The officer looked up and was momentarily blinded as another explosion ripped apart a sandbag, showering him with its contents. He coughed and spat, choking on the sand, as he clawed the ground behind him in search of his observation periscope. He cautiously stepped up onto the lower fire-step and pushed the periscope above the line of sandbags. He could see nothing. His eyes were stinging. He squeezed them shut momentarily, then strained again at the reflected image.

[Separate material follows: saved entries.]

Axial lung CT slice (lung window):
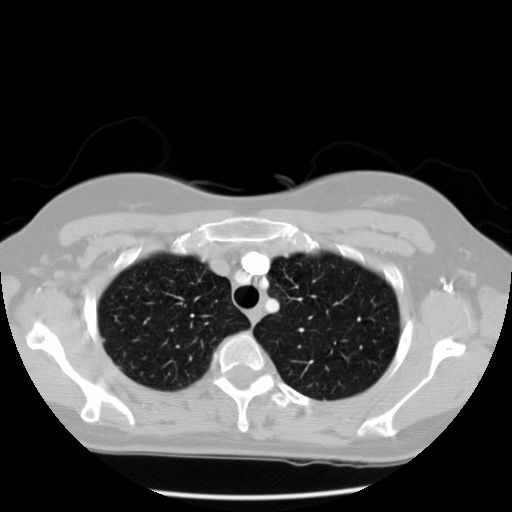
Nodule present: no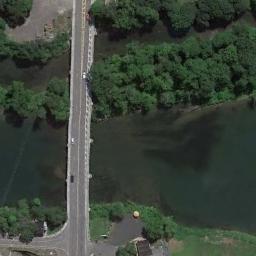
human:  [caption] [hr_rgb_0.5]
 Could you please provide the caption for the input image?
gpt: A bridge built on a dark green river and the river island of the river and dense green plants on the river island .

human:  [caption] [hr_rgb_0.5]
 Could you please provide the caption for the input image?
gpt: There is a bridge over the river with many trees beside .

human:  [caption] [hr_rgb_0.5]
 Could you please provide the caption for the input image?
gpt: The water under the bridge is green .

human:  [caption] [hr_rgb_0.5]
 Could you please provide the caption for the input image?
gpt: A bridge connects the land on both sides of the turquoise water  There is a small island full of trees in the middle of the river .

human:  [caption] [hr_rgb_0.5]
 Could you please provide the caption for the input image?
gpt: Many trees are around the bridge .
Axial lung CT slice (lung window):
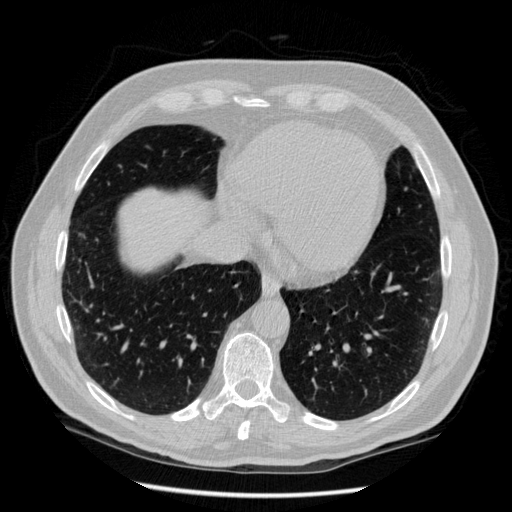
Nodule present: no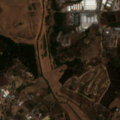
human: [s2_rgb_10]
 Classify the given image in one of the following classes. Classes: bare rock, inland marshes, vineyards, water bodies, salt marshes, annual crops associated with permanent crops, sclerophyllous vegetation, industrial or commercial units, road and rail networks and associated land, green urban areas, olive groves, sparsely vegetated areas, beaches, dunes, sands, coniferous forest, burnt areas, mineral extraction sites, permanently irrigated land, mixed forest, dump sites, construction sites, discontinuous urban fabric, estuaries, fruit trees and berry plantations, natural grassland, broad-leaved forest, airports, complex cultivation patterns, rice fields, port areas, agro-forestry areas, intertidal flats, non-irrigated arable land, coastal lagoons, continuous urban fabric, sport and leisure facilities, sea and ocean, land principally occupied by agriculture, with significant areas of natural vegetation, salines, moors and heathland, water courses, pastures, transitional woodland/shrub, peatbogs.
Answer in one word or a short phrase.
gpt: discontinuous urban fabric, industrial or commercial units, complex cultivation patterns, land principally occupied by agriculture, with significant areas of natural vegetation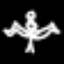
Label: angel
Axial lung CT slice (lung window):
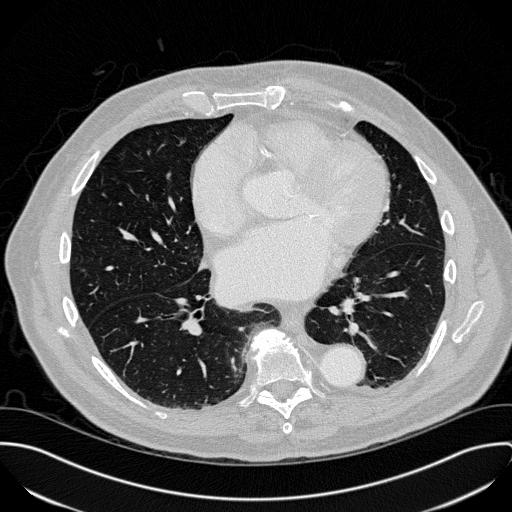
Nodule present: no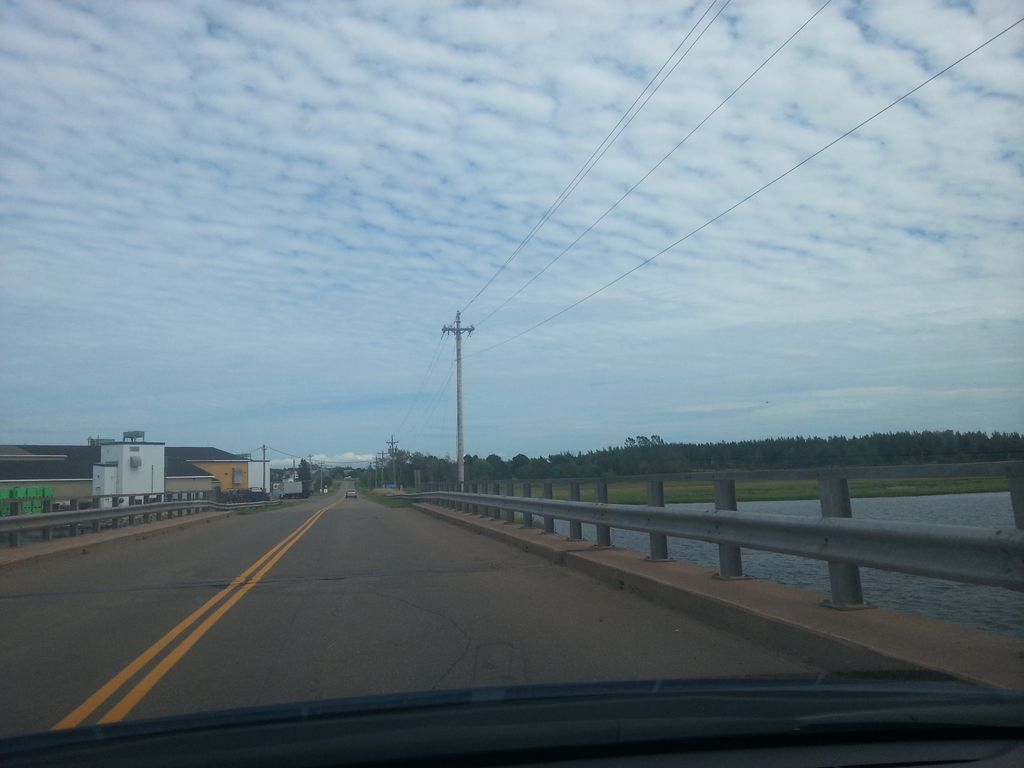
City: charlottetown
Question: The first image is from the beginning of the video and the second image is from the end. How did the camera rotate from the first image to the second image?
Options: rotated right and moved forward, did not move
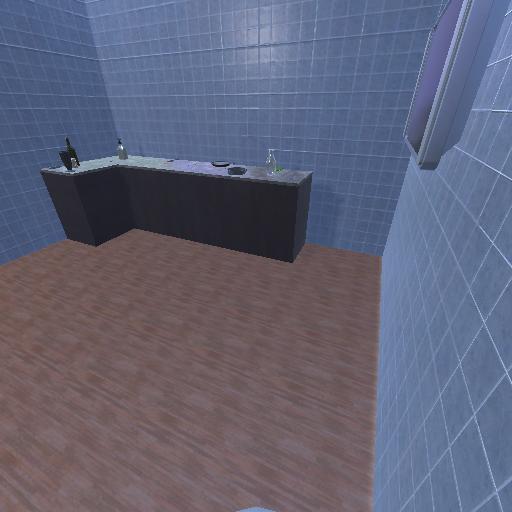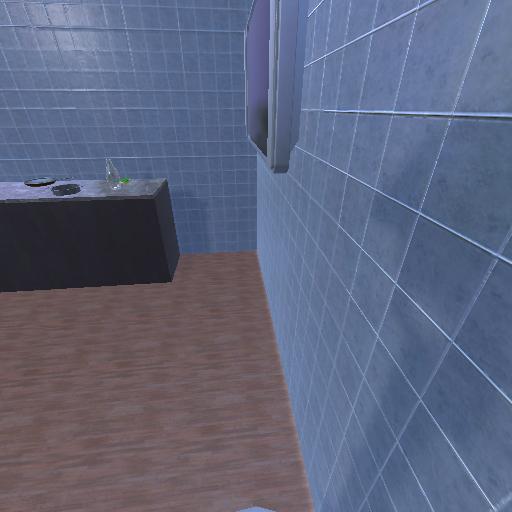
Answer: rotated right and moved forward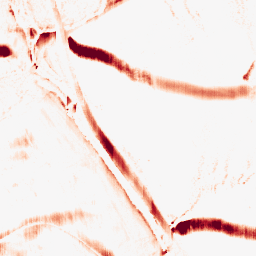
Category: morphological
Decomposition family: morphological_rect
Decomposition parameters: operation: opening
width: 5
height: 20
Upsampling method: sinc_hamming
Upsampling parameters: scale: 2
kernel_size: 8
Upsampling scale: 2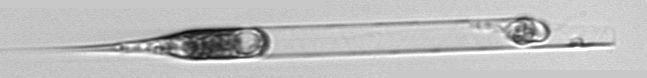
Label: Rhizosolenia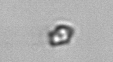
Label: Heterocapsa_rotundata

Another explosion shook the ground above him. Odd, he thought, they were not Artillery shells. They were too small. Something caught his eye. Was that movement he could see through the smoke? He yelled out suddenly and fell back into the trench. A bullet had shattered the mirror of his scope.

He wiped his eyes, fearing the worse. But there was no blood, and, though slightly blurred, he could still see. Another explosion went off to his left, and two soldiers fell screaming, their faces embedded with nails. The officer quickly salvaged a large piece of the broken mirror from his damaged periscope and jammed it into the top. Then he quickly and cautiously pushed the twisted periscope back up above the line of sandbags.

The view on offer was limited because of the size of the broken mirror, but it was enough to send a chill down his spine. Enemy soldiers, dozens of them, bayonets glinting in the sun, were advancing behind the smoke their bombs had created. They were almost on top of him. He quickly jumped back down the fire-step just as another explosion, this time off to his right, hit the sandbags and filled that section of the trench with a blinding, choking cloud of sand. He looked to his left. His men were crouched down now. Their rifles were at the ready, but they could not move. The British would be on them in a matter of seconds.

He drew his Beholla 7.65 automatic from his holster, and waited, listening to the crack of the gunfire above and around him. Then another explosion, this time in the belly of the trench itself, boomed to his left, and again sand and dust billowed up to create more blinding smoke.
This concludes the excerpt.